The first tear broke then, trailing a slow path down her cheek. "Why are you here, Cade? To mock me? To tell me I'm a fool? I think your brother did a good enough job of that with a high-five emoji."
"I'm here to tell you the truth no one else will," I said, closing the distance until I could feel the heat radiating off her. "The truth your friends are too polite to say and my parents are too oblivious to notice."
"What truth?" she whispered, her voice trembling.
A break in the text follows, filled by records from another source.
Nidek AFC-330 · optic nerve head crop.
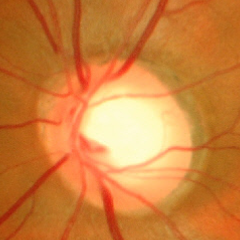

Glaucomatous optic neuropathy is present. Showing severe glaucomatous damage.
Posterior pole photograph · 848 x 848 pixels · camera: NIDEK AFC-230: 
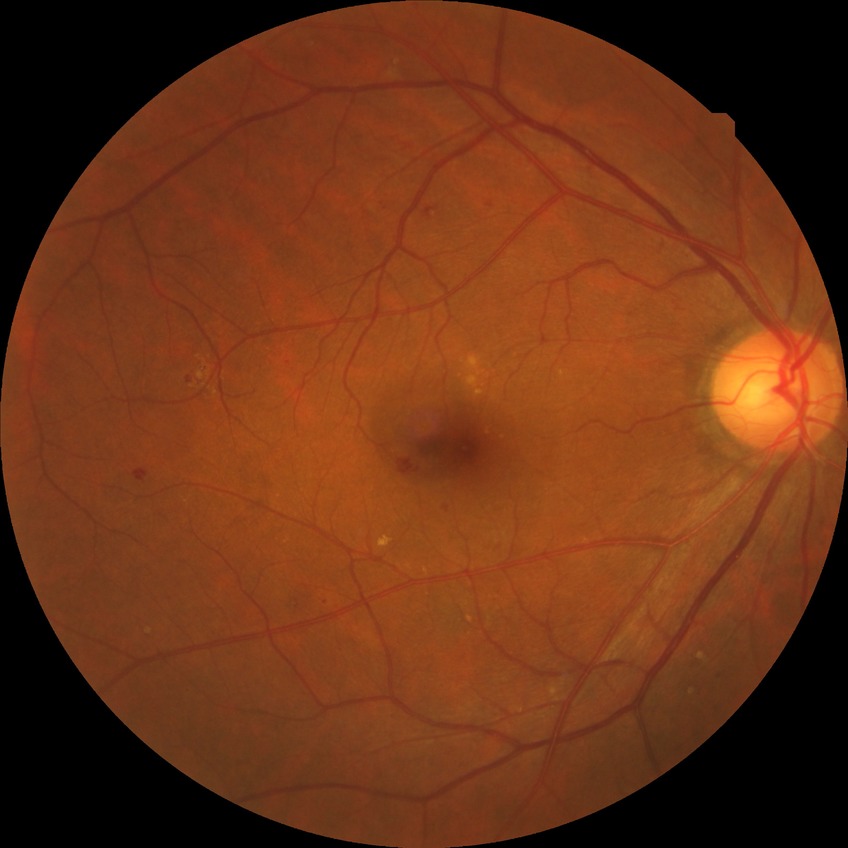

"He's never going to love you back, Maya. Not the way you want. To Ethan, you're the safety net. You're the ego boost he keeps in his back pocket for when the 'real' women leave him bleeding. You're his comfort, his anchor, his favorite habit. But you will never, ever be his choice."
The sound of the slap echoed through the small apartment like a gunshot.
My head snapped to the side. The sting was sharp, a blooming heat across my cheekbone, but I didn't flinch. I didn't even blink. I just slowly turned my face back to her, tasting the metallic tang of blood where my tooth had caught the inside of my lip.
"There it is," I murmured, a grim satisfaction curling in my chest. "The anger you should've felt six years ago."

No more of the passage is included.